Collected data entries

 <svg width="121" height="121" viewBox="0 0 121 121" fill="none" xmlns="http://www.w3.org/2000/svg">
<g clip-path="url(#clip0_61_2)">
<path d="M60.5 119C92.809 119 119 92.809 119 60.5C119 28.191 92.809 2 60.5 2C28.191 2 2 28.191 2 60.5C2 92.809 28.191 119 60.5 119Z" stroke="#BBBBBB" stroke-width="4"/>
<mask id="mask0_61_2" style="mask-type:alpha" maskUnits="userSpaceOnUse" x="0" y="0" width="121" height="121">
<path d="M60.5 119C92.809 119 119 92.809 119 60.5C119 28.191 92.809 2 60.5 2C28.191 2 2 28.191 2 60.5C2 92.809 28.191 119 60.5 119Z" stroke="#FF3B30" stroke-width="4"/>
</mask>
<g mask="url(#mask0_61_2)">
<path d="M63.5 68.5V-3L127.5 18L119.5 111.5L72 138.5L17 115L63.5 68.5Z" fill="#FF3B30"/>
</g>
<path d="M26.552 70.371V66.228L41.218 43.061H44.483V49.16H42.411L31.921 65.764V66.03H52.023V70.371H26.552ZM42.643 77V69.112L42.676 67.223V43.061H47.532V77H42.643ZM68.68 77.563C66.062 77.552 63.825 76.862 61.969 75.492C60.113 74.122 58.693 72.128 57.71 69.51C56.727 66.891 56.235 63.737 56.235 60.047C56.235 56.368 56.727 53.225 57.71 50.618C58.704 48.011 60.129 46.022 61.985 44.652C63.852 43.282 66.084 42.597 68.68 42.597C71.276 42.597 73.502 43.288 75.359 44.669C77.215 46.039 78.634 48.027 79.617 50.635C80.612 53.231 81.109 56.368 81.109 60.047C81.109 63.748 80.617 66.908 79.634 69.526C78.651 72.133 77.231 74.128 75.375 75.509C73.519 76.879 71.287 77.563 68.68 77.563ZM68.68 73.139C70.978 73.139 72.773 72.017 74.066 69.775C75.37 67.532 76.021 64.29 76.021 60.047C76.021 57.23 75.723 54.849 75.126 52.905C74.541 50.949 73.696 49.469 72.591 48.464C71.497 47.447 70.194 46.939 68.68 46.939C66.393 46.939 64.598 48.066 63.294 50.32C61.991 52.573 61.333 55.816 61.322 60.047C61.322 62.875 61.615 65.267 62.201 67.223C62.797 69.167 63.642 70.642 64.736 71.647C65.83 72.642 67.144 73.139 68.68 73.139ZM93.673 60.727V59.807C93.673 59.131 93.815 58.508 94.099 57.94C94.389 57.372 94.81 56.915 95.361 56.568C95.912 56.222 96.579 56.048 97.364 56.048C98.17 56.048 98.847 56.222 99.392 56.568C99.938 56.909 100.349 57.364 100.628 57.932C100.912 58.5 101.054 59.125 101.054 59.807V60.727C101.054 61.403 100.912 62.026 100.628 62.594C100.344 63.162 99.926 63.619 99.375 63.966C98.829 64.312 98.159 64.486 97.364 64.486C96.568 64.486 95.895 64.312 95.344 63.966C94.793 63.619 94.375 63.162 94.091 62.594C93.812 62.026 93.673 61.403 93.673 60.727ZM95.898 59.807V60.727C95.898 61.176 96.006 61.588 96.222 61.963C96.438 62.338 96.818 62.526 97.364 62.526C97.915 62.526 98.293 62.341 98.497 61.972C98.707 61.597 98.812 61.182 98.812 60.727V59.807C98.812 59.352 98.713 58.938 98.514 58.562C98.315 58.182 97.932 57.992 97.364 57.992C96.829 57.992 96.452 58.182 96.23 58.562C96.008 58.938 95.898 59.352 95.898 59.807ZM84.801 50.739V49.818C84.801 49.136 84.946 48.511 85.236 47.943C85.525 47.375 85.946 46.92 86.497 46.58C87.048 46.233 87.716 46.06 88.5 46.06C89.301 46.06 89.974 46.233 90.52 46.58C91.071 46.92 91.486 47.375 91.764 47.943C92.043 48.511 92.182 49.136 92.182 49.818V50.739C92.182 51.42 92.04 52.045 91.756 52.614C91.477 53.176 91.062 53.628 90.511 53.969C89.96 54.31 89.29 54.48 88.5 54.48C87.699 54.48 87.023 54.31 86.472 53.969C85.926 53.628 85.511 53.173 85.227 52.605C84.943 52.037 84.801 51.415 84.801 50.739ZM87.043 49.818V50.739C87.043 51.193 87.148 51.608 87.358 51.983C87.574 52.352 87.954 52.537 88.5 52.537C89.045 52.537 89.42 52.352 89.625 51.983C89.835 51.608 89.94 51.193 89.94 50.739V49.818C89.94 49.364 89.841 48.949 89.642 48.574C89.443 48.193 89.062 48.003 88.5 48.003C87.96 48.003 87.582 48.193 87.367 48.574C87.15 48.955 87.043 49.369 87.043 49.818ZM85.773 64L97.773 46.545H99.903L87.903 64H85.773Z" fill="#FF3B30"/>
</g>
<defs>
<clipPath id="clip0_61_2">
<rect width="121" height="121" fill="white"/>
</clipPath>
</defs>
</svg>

---

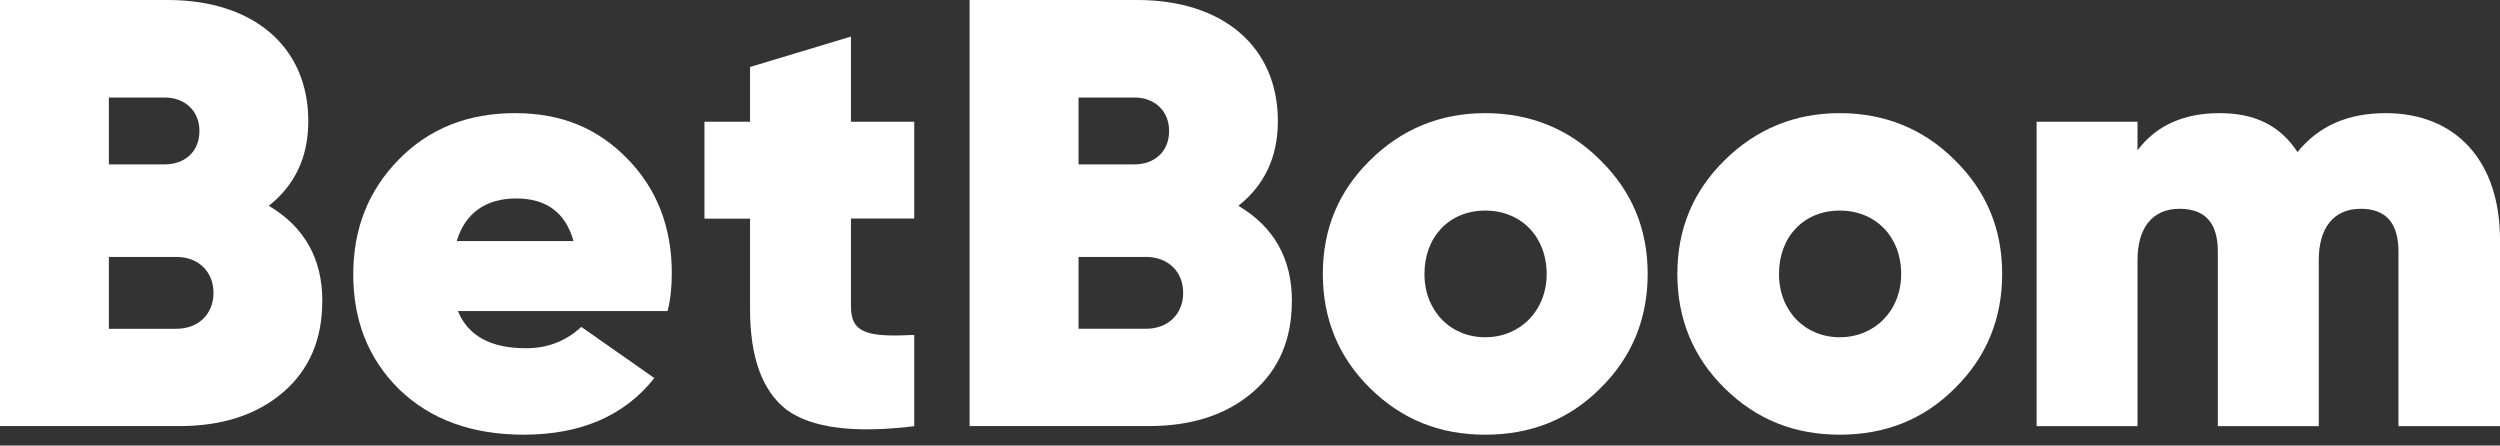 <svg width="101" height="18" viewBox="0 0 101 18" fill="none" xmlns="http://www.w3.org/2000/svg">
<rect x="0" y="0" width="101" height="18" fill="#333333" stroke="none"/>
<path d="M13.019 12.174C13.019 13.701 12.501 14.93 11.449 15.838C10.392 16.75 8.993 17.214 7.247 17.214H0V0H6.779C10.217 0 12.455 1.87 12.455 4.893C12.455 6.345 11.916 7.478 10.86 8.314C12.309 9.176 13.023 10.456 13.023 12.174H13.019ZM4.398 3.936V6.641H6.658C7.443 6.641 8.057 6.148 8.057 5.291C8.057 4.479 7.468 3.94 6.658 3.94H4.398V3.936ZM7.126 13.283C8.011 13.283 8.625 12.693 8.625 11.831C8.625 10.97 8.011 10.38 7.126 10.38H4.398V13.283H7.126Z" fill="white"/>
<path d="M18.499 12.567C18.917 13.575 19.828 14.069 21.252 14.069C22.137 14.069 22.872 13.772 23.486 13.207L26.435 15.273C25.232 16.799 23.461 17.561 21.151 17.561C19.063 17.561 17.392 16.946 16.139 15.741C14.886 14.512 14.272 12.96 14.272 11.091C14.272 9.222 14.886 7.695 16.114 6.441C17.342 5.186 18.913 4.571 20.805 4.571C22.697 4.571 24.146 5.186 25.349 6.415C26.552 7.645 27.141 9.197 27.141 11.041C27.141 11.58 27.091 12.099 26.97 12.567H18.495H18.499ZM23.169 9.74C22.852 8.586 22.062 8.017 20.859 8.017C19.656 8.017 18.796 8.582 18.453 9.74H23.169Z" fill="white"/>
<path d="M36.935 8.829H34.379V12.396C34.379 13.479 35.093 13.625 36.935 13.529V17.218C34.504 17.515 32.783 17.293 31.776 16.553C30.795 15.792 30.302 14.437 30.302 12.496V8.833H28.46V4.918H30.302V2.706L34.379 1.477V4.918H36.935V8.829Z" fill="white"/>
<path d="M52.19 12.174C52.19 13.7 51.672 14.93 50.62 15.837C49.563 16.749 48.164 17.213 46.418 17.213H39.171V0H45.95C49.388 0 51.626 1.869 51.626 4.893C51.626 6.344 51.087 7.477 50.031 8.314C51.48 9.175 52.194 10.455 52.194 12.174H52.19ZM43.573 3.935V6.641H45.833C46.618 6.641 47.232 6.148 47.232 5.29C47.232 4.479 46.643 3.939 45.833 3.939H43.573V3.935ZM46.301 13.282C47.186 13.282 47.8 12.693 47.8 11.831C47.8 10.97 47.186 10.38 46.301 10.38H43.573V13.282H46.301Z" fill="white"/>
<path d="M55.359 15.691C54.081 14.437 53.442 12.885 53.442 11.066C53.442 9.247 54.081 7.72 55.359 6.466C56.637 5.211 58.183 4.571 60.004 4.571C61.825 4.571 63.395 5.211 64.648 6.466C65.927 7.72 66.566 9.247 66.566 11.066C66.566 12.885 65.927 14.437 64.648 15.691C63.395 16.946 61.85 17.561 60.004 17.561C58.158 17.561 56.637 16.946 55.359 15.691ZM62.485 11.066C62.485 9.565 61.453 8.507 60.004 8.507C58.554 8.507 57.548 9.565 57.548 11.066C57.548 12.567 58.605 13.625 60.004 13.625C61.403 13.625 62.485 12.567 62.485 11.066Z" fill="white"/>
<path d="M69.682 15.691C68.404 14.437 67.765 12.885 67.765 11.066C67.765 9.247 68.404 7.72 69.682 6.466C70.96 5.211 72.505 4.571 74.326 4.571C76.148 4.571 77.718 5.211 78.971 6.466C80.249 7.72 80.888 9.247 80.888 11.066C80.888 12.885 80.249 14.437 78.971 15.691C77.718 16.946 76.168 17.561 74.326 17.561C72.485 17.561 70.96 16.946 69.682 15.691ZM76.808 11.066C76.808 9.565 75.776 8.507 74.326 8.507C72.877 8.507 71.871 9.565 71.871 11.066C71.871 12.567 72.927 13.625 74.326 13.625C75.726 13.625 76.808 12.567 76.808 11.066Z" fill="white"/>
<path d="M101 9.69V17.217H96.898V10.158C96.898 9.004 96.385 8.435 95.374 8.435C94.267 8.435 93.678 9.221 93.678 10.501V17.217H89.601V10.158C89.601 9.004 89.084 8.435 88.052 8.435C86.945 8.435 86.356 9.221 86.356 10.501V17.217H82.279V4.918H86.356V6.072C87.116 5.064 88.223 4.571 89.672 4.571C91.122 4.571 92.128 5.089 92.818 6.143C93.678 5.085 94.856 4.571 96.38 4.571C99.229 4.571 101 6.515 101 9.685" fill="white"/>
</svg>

* Work to be completed
Starting with the line that holds "12.567C18.917 13.575 19.828" and ending with the line that holds "8.829H34.379V12.396C34.379 13.479 35.093", retype every line in the data above exactly, and nothing else.

* Task response
<path d="M18.499 12.567C18.917 13.575 19.828 14.069 21.252 14.069C22.137 14.069 22.872 13.772 23.486 13.207L26.435 15.273C25.232 16.799 23.461 17.561 21.151 17.561C19.063 17.561 17.392 16.946 16.139 15.741C14.886 14.512 14.272 12.96 14.272 11.091C14.272 9.222 14.886 7.695 16.114 6.441C17.342 5.186 18.913 4.571 20.805 4.571C22.697 4.571 24.146 5.186 25.349 6.415C26.552 7.645 27.141 9.197 27.141 11.041C27.141 11.58 27.091 12.099 26.97 12.567H18.495H18.499ZM23.169 9.74C22.852 8.586 22.062 8.017 20.859 8.017C19.656 8.017 18.796 8.582 18.453 9.74H23.169Z" fill="white"/>
<path d="M36.935 8.829H34.379V12.396C34.379 13.479 35.093 13.625 36.935 13.529V17.218C34.504 17.515 32.783 17.293 31.776 16.553C30.795 15.792 30.302 14.437 30.302 12.496V8.833H28.46V4.918H30.302V2.706L34.379 1.477V4.918H36.935V8.829Z" fill="white"/>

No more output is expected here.